## WORK ITEM
When you reach the line containing "#2089=DIRECTION('ref_axis',(0.,0.,1.));" in the entries below, begin reproducing lines exactly, and stop once the line containing "#3111=CARTESIAN_POINT('',(0.,-0.125,-2.25));" is done.

##### INFORMATION SUPPLIED

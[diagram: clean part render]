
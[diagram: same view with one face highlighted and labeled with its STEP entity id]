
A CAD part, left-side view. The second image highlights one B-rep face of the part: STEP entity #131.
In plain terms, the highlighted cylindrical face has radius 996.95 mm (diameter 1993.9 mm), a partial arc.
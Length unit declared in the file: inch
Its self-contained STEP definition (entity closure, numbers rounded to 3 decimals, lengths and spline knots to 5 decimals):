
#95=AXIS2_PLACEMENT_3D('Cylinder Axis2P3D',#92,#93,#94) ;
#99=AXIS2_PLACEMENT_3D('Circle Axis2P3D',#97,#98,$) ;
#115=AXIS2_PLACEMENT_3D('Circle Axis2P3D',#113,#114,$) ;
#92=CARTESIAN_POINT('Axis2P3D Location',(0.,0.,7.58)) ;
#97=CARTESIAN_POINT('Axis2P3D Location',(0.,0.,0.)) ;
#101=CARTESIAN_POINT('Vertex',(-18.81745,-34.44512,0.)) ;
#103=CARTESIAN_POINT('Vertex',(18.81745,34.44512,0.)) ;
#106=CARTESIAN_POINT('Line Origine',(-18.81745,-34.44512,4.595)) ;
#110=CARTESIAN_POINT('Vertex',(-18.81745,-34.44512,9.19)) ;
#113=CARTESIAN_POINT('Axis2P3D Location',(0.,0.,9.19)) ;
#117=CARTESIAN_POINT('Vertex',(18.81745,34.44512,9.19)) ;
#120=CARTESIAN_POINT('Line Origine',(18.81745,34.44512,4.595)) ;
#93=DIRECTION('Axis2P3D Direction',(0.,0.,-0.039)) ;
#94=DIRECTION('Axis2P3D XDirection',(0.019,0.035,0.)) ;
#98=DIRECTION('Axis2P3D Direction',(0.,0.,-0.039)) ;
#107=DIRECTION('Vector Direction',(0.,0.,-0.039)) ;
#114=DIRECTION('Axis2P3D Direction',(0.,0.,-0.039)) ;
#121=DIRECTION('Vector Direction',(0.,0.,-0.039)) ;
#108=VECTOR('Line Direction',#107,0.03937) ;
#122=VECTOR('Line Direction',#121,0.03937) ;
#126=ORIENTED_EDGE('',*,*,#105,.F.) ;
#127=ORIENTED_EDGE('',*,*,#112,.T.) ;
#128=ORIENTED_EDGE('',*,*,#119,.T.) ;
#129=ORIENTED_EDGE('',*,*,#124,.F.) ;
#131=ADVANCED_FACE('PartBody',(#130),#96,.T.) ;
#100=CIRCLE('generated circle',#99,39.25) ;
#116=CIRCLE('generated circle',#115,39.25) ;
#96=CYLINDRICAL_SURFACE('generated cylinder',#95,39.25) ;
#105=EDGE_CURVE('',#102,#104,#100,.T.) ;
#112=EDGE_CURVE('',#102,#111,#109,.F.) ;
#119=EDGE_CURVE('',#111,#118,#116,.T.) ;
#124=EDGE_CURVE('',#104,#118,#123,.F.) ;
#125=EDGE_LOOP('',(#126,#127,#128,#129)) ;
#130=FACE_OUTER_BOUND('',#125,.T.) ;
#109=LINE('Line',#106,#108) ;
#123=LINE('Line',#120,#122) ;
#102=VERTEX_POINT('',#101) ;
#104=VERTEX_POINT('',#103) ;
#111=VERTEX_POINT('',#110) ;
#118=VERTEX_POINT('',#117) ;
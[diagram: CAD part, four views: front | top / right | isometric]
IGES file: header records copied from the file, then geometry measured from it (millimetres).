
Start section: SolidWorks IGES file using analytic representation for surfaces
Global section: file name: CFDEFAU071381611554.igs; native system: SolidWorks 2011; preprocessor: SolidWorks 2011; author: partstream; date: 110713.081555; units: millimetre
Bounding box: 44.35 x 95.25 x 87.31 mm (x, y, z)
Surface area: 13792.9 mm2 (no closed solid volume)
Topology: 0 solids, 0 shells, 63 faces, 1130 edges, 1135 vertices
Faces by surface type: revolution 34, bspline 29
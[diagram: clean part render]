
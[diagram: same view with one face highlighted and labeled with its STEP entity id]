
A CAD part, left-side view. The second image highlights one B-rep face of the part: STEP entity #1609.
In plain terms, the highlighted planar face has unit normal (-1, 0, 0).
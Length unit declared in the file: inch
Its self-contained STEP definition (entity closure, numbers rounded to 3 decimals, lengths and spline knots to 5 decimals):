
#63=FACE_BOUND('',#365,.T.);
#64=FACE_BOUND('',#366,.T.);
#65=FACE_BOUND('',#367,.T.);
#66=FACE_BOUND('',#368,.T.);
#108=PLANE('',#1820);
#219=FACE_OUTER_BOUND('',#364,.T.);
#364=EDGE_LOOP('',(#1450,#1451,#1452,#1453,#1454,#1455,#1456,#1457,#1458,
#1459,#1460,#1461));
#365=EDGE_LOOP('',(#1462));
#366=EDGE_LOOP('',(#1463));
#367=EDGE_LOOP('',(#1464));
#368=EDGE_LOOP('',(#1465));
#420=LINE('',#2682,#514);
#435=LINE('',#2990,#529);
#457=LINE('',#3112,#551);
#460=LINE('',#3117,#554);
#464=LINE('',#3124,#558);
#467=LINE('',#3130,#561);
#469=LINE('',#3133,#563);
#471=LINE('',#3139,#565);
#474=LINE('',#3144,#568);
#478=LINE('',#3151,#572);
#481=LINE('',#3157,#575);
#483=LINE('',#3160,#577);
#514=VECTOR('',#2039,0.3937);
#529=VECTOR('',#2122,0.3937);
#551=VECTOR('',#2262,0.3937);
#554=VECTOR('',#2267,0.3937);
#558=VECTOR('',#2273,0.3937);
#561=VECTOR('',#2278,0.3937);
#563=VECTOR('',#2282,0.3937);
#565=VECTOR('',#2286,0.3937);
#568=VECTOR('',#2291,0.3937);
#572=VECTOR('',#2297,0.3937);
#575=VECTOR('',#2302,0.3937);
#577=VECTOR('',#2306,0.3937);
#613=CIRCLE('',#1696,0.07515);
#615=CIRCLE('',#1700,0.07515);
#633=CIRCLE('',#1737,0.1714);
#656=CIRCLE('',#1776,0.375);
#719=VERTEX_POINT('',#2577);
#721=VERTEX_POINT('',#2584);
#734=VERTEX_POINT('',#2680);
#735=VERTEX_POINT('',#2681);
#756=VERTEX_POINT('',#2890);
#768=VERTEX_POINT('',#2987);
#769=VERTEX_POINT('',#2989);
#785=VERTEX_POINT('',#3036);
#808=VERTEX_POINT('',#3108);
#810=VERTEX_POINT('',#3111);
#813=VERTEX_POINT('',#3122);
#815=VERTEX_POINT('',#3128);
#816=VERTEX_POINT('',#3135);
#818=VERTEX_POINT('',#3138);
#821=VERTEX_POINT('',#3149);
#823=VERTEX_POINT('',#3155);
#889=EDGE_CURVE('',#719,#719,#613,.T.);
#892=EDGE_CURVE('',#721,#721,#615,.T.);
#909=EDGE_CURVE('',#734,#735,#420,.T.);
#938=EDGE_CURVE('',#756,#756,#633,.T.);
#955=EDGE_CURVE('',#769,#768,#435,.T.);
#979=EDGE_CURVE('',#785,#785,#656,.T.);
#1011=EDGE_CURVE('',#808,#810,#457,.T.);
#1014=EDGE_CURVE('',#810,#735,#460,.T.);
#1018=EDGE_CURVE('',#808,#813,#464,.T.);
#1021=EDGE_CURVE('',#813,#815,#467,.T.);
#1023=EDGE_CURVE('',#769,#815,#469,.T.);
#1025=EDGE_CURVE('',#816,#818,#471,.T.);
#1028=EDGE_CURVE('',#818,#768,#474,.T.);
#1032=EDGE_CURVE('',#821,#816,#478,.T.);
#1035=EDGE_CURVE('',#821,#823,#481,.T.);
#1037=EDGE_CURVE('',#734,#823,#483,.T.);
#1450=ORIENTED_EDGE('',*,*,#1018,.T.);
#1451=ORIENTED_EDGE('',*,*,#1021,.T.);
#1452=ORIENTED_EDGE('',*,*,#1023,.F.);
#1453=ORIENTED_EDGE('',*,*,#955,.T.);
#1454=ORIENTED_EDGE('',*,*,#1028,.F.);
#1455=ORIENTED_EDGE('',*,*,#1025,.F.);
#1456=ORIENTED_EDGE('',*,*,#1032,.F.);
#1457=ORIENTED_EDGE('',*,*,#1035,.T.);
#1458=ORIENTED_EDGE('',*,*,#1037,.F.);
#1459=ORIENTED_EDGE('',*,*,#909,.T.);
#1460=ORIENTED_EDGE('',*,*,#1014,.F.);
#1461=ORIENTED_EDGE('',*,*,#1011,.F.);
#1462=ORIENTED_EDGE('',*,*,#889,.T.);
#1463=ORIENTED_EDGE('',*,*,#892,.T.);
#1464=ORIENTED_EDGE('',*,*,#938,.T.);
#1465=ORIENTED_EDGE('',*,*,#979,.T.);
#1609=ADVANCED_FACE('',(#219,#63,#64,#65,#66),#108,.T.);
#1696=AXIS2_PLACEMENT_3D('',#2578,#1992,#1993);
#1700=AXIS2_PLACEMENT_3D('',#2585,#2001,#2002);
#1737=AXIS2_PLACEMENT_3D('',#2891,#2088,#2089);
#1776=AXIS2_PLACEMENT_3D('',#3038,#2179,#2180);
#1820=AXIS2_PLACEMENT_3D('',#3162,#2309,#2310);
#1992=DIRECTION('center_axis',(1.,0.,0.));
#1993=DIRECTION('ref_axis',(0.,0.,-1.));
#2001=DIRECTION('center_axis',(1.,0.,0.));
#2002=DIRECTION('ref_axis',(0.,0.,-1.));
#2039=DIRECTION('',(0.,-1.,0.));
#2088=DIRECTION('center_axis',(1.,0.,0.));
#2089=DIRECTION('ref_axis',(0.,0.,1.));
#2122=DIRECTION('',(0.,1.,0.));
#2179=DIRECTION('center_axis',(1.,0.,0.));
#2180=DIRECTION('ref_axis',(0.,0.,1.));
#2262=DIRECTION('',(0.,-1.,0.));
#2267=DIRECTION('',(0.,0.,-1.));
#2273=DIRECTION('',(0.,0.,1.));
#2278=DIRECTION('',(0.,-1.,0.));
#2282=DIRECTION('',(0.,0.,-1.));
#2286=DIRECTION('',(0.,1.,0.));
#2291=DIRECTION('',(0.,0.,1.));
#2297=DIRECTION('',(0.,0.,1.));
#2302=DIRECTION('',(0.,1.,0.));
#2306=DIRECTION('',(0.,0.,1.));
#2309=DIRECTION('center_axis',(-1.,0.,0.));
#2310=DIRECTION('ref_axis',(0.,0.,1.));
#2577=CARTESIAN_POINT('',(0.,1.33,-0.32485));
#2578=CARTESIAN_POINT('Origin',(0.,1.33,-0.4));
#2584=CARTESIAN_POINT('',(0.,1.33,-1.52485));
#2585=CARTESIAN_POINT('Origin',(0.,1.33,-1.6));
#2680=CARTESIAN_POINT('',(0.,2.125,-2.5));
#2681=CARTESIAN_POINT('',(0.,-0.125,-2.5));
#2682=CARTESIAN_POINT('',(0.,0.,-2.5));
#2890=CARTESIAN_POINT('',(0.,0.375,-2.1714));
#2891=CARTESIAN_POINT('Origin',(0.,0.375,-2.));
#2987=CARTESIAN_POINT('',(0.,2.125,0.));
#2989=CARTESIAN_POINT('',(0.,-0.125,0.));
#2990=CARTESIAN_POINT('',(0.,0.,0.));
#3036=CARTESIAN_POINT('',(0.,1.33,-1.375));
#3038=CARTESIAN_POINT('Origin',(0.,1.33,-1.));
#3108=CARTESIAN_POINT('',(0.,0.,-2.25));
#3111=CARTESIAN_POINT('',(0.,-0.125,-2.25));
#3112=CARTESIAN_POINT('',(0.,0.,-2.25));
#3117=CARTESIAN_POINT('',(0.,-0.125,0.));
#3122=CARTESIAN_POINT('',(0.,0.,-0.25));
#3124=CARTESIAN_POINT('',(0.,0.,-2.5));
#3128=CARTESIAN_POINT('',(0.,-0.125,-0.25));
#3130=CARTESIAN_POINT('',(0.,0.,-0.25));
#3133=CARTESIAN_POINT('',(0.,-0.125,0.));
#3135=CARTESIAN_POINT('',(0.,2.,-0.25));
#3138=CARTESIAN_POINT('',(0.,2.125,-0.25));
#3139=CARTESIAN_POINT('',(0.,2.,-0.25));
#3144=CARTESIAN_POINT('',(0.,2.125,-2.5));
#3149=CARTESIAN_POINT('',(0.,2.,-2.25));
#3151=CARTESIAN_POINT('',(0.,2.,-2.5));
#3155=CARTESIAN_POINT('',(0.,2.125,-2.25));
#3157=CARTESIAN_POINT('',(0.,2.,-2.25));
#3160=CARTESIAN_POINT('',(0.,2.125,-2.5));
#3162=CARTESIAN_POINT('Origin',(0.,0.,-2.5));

##########

## SOLUTION
#2089=DIRECTION('ref_axis',(0.,0.,1.));
#2122=DIRECTION('',(0.,1.,0.));
#2179=DIRECTION('center_axis',(1.,0.,0.));
#2180=DIRECTION('ref_axis',(0.,0.,1.));
#2262=DIRECTION('',(0.,-1.,0.));
#2267=DIRECTION('',(0.,0.,-1.));
#2273=DIRECTION('',(0.,0.,1.));
#2278=DIRECTION('',(0.,-1.,0.));
#2282=DIRECTION('',(0.,0.,-1.));
#2286=DIRECTION('',(0.,1.,0.));
#2291=DIRECTION('',(0.,0.,1.));
#2297=DIRECTION('',(0.,0.,1.));
#2302=DIRECTION('',(0.,1.,0.));
#2306=DIRECTION('',(0.,0.,1.));
#2309=DIRECTION('center_axis',(-1.,0.,0.));
#2310=DIRECTION('ref_axis',(0.,0.,1.));
#2577=CARTESIAN_POINT('',(0.,1.33,-0.32485));
#2578=CARTESIAN_POINT('Origin',(0.,1.33,-0.4));
#2584=CARTESIAN_POINT('',(0.,1.33,-1.52485));
#2585=CARTESIAN_POINT('Origin',(0.,1.33,-1.6));
#2680=CARTESIAN_POINT('',(0.,2.125,-2.5));
#2681=CARTESIAN_POINT('',(0.,-0.125,-2.5));
#2682=CARTESIAN_POINT('',(0.,0.,-2.5));
#2890=CARTESIAN_POINT('',(0.,0.375,-2.1714));
#2891=CARTESIAN_POINT('Origin',(0.,0.375,-2.));
#2987=CARTESIAN_POINT('',(0.,2.125,0.));
#2989=CARTESIAN_POINT('',(0.,-0.125,0.));
#2990=CARTESIAN_POINT('',(0.,0.,0.));
#3036=CARTESIAN_POINT('',(0.,1.33,-1.375));
#3038=CARTESIAN_POINT('Origin',(0.,1.33,-1.));
#3108=CARTESIAN_POINT('',(0.,0.,-2.25));
#3111=CARTESIAN_POINT('',(0.,-0.125,-2.25));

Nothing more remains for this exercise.